(Dataset excerpts)
- Opening Delimiter -
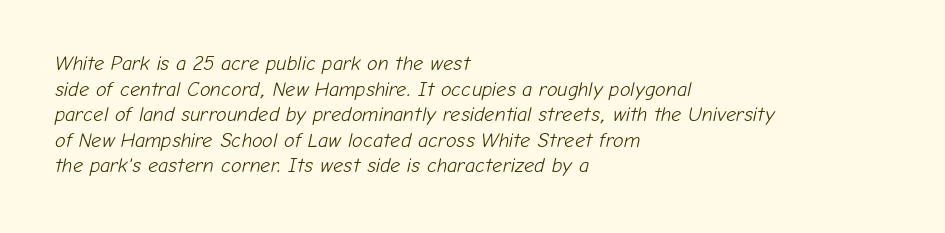
{"italic": "yes", "lean": "right", "slant_degrees": 12, "bold": "no", "underline": "no", "align": "left", "line_spacing": "normal", "line_spacing_ratio": 1.28, "letter_spacing": "normal", "letter_spacing_em": 0.0, "glyph_px": 20}
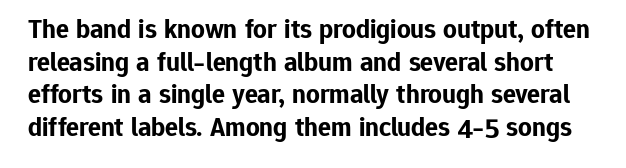
{"italic": "no", "bold": "yes", "underline": "no", "line_spacing_ratio": 1.21, "letter_spacing": "normal", "letter_spacing_em": 0.0, "glyph_px": 27}
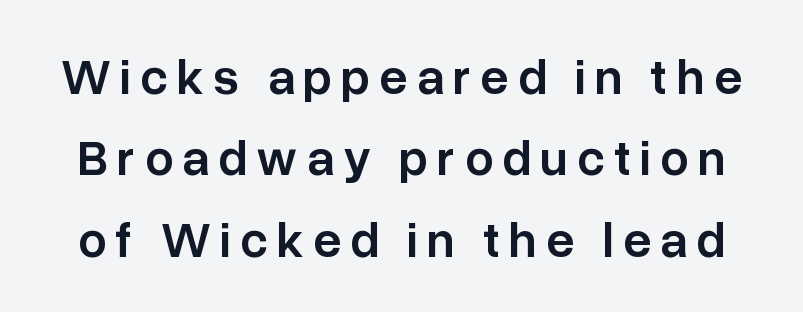
{"serif": "no", "italic": "no", "bold": "semi", "weight": "semibold", "width": "normal", "stroke_contrast": "low", "x_height": "medium", "monospaced": "no", "underline": "no", "line_spacing": "normal", "line_spacing_ratio": 1.63, "glyph_px": 50}
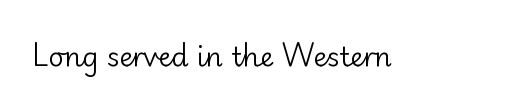
Has an underline been added? It has not. The type is set solid horizontally, with unmodified tracking. The characters are drawn with everyday or finer stroke widths. Every character sits straight up, as roman type does.
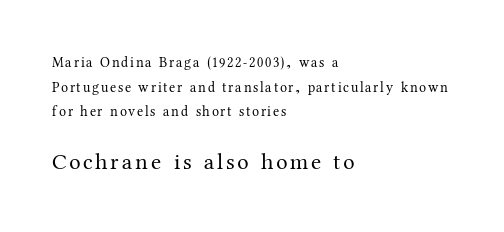
Q: Is the text bold? A: No.
Q: Is the text italic (slanted)? A: No, it is upright.
Q: Is the text underlined? A: No.
Q: How is the paragraph aligned? A: Left-aligned.
Q: Which block of text is set in a larger size, the first (top) or the second (bottom)? A: The second (bottom) one.
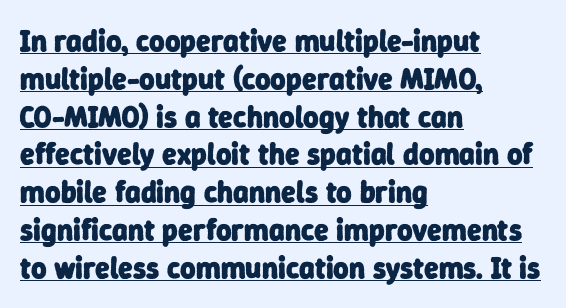
Q: Is the text bold? A: Yes.
Q: Is the typeface a serif or a sans-serif typeface? A: Sans-serif.
Q: Is the text underlined? A: Yes.
Q: How is the paragraph aligned? A: Left-aligned.
Q: Is the spacing between letters normal or unusually wide? A: Normal.
Q: Is the spacing between lines tight, normal or loose? A: Normal.
Q: Width (condensed, normal, or wide)? A: Normal.
Q: Stroke contrast? A: Low.
Q: x-height? A: Medium.
Q: Monospaced? A: No.
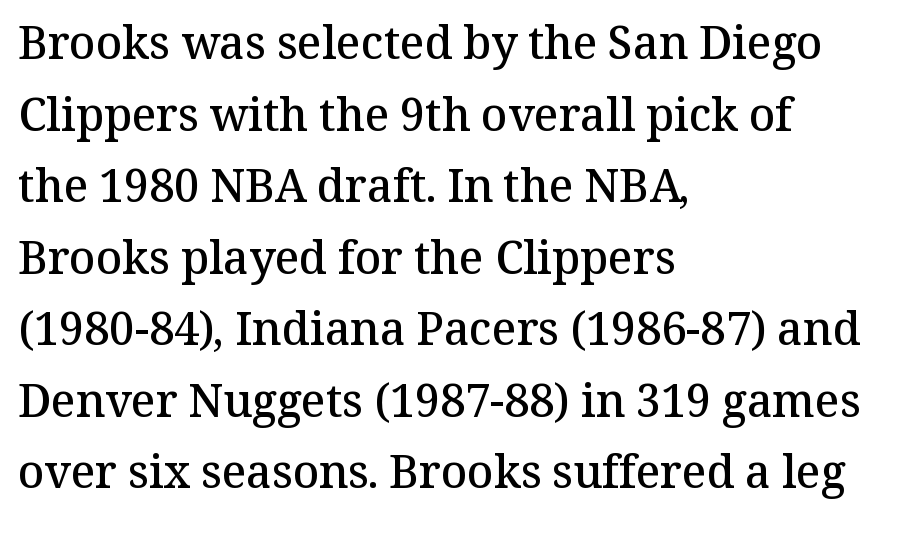
The gaps between neighbouring characters are ordinary and unremarkable. You could not count columns in this text — the font is proportionally spaced. Style check: upright. Words float on clear page, feet unadorned. On the weight axis this lands at semibold, roughly 600. The letters carry serifs — small finishing strokes at the ends of their stems.
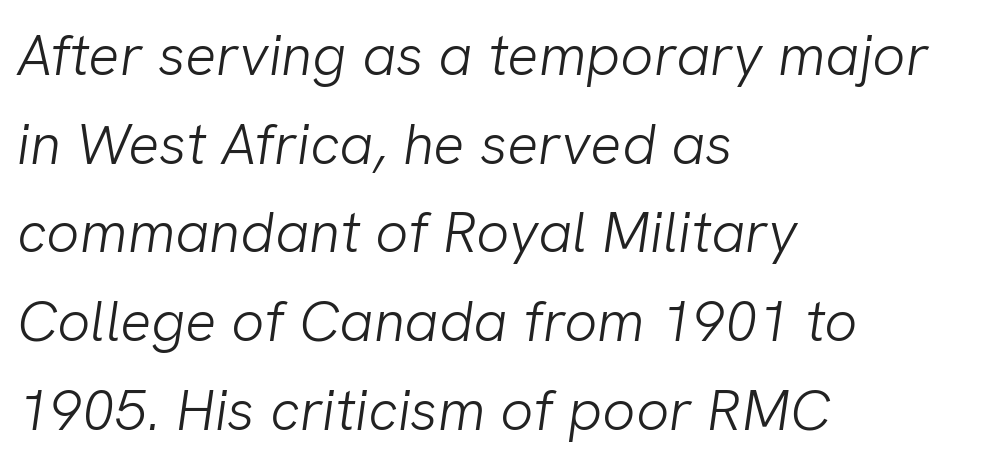
The image shows 58 px light sans-serif type; set left-aligned, normal line spacing (1.53x), normal letter spacing, not underlined; low stroke contrast and a medium x-height.
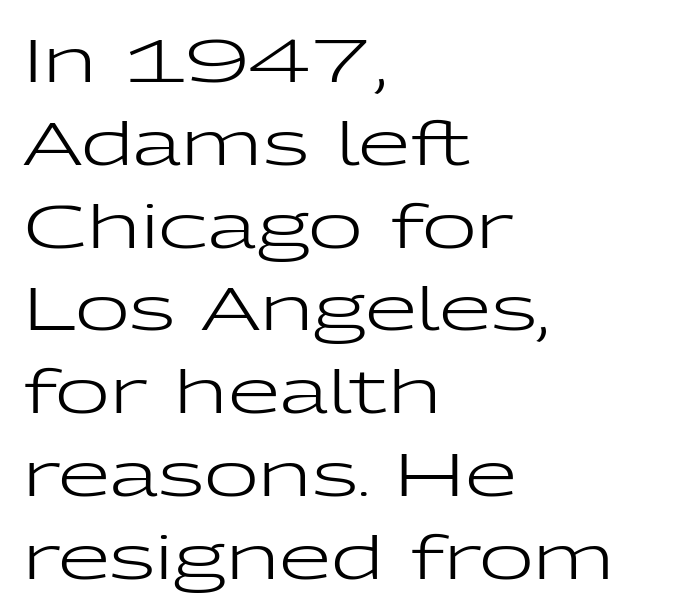
{"serif": "no", "italic": "no", "bold": "no", "weight": "regular", "width": "wide", "stroke_contrast": "low", "x_height": "medium", "monospaced": "no", "underline": "no", "align": "left", "line_spacing": "normal", "line_spacing_ratio": 1.38, "letter_spacing": "normal", "letter_spacing_em": 0.0, "glyph_px": 60}
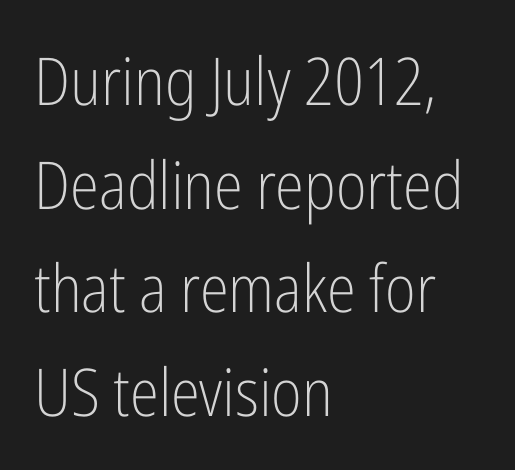
{"serif": "no", "italic": "no", "bold": "no", "weight": "light", "width": "condensed", "stroke_contrast": "low", "x_height": "medium", "monospaced": "no", "underline": "no", "align": "left", "line_spacing": "normal", "line_spacing_ratio": 1.57, "letter_spacing": "normal", "letter_spacing_em": 0.0, "glyph_px": 66}
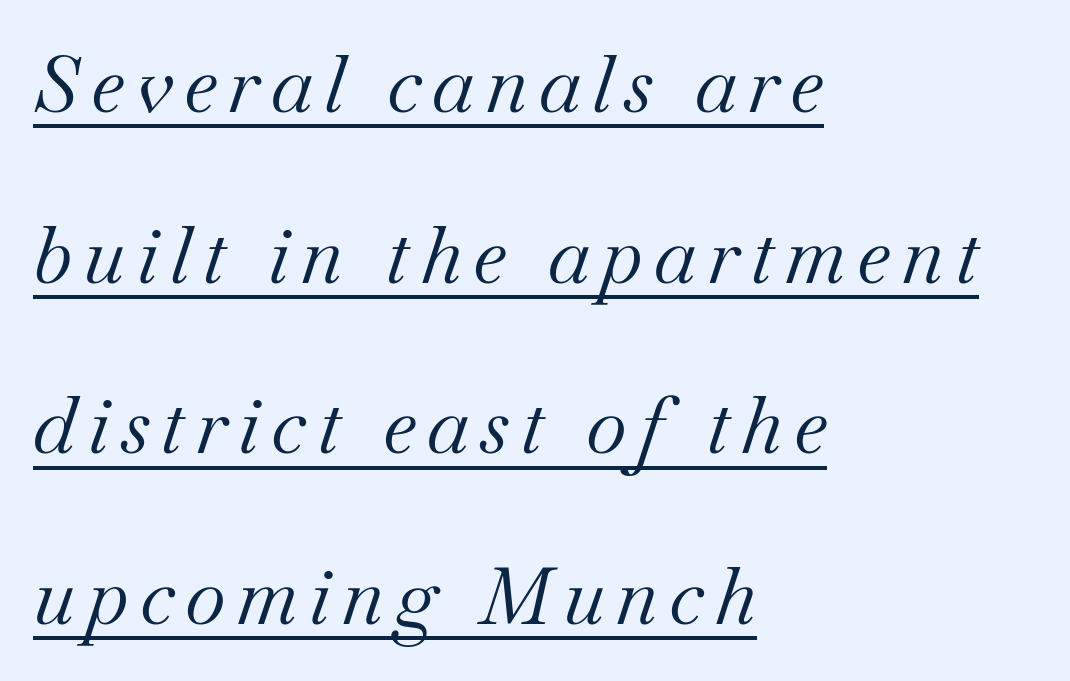
The image shows 79 px regular-weight serif type, italic (leaning right); set left-aligned, loose line spacing (2.16x), underlined; medium stroke contrast and a small x-height.
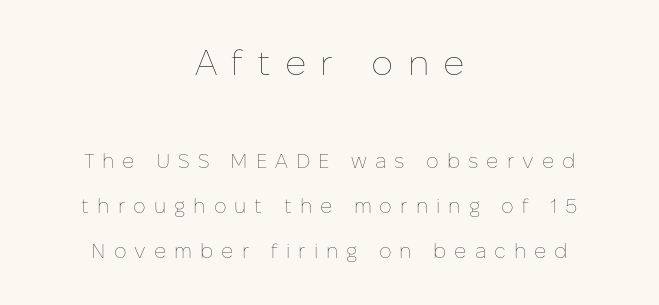
Think of a printed novel: that variable character pitch is what you see here. Line spacing here is loose. Students, note that the glyphs here are deliberately spaced far apart. It's the straight-up-and-down kind of type. The paragraph shown floats in the horizontal middle.
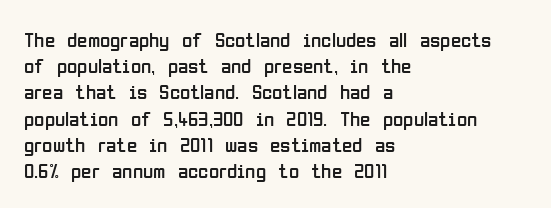
The image shows 21 px text type, upright; set left-aligned, normal line spacing (1.25x), normal letter spacing, not underlined.
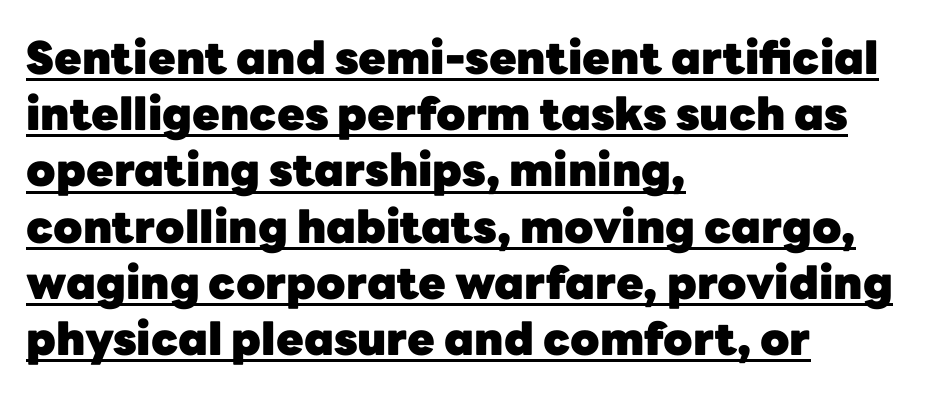
{"serif": "no", "italic": "no", "bold": "yes", "weight": "heavy", "width": "normal", "stroke_contrast": "low", "x_height": "medium", "monospaced": "no", "underline": "yes", "align": "left", "line_spacing": "normal", "line_spacing_ratio": 1.25, "letter_spacing": "normal", "letter_spacing_em": 0.0, "glyph_px": 45}
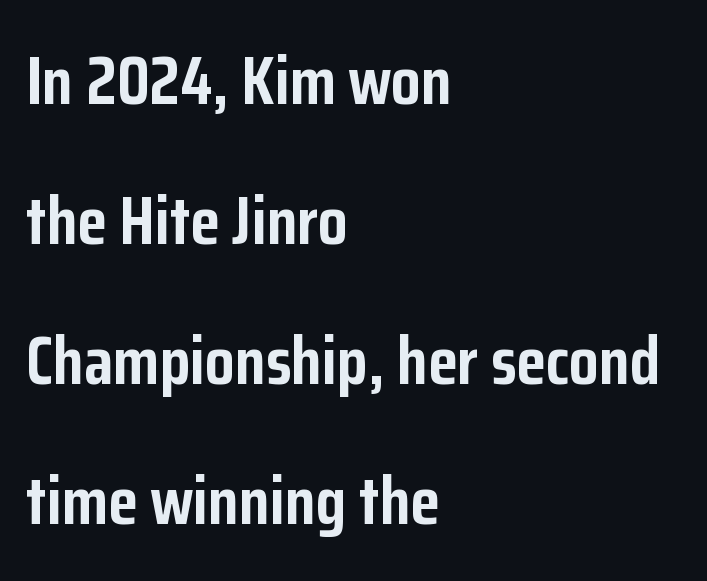
Look at the bottom of the vertical strokes: they stop flat, with no serifs. Look at the stroke-to-counter ratio: heavy, a bold. Whoever set this chose breathing room over compactness in the vertical rhythm. Decoration check: the copy has no underline.
- Closing Delimiter -
What to do: Please output the entries above exactly, leaving out every picture.

Response below:
{"italic": "yes", "lean": "right", "slant_degrees": 12, "bold": "no", "underline": "no", "align": "left", "line_spacing": "normal", "line_spacing_ratio": 1.28, "letter_spacing": "normal", "letter_spacing_em": 0.0, "glyph_px": 20}
{"italic": "no", "bold": "yes", "underline": "no", "line_spacing_ratio": 1.21, "letter_spacing": "normal", "letter_spacing_em": 0.0, "glyph_px": 27}
{"serif": "no", "italic": "no", "bold": "semi", "weight": "semibold", "width": "normal", "stroke_contrast": "low", "x_height": "medium", "monospaced": "no", "underline": "no", "line_spacing": "normal", "line_spacing_ratio": 1.63, "glyph_px": 50}
Has an underline been added? It has not. The type is set solid horizontally, with unmodified tracking. The characters are drawn with everyday or finer stroke widths. Every character sits straight up, as roman type does.
Q: Is the text bold? A: No.
Q: Is the text italic (slanted)? A: No, it is upright.
Q: Is the text underlined? A: No.
Q: How is the paragraph aligned? A: Left-aligned.
Q: Which block of text is set in a larger size, the first (top) or the second (bottom)? A: The second (bottom) one.
Q: Is the text bold? A: Yes.
Q: Is the typeface a serif or a sans-serif typeface? A: Sans-serif.
Q: Is the text underlined? A: Yes.
Q: How is the paragraph aligned? A: Left-aligned.
Q: Is the spacing between letters normal or unusually wide? A: Normal.
Q: Is the spacing between lines tight, normal or loose? A: Normal.
Q: Width (condensed, normal, or wide)? A: Normal.
Q: Stroke contrast? A: Low.
Q: x-height? A: Medium.
Q: Monospaced? A: No.
The gaps between neighbouring characters are ordinary and unremarkable. You could not count columns in this text — the font is proportionally spaced. Style check: upright. Words float on clear page, feet unadorned. On the weight axis this lands at semibold, roughly 600. The letters carry serifs — small finishing strokes at the ends of their stems.
The image shows 58 px light sans-serif type; set left-aligned, normal line spacing (1.53x), normal letter spacing, not underlined; low stroke contrast and a medium x-height.
{"serif": "no", "italic": "no", "bold": "no", "weight": "regular", "width": "wide", "stroke_contrast": "low", "x_height": "medium", "monospaced": "no", "underline": "no", "align": "left", "line_spacing": "normal", "line_spacing_ratio": 1.38, "letter_spacing": "normal", "letter_spacing_em": 0.0, "glyph_px": 60}
{"serif": "no", "italic": "no", "bold": "no", "weight": "light", "width": "condensed", "stroke_contrast": "low", "x_height": "medium", "monospaced": "no", "underline": "no", "align": "left", "line_spacing": "normal", "line_spacing_ratio": 1.57, "letter_spacing": "normal", "letter_spacing_em": 0.0, "glyph_px": 66}
The image shows 79 px regular-weight serif type, italic (leaning right); set left-aligned, loose line spacing (2.16x), underlined; medium stroke contrast and a small x-height.
Think of a printed novel: that variable character pitch is what you see here. Line spacing here is loose. Students, note that the glyphs here are deliberately spaced far apart. It's the straight-up-and-down kind of type. The paragraph shown floats in the horizontal middle.
The image shows 21 px text type, upright; set left-aligned, normal line spacing (1.25x), normal letter spacing, not underlined.
{"serif": "no", "italic": "no", "bold": "yes", "weight": "heavy", "width": "normal", "stroke_contrast": "low", "x_height": "medium", "monospaced": "no", "underline": "yes", "align": "left", "line_spacing": "normal", "line_spacing_ratio": 1.25, "letter_spacing": "normal", "letter_spacing_em": 0.0, "glyph_px": 45}
Look at the bottom of the vertical strokes: they stop flat, with no serifs. Look at the stroke-to-counter ratio: heavy, a bold. Whoever set this chose breathing room over compactness in the vertical rhythm. Decoration check: the copy has no underline.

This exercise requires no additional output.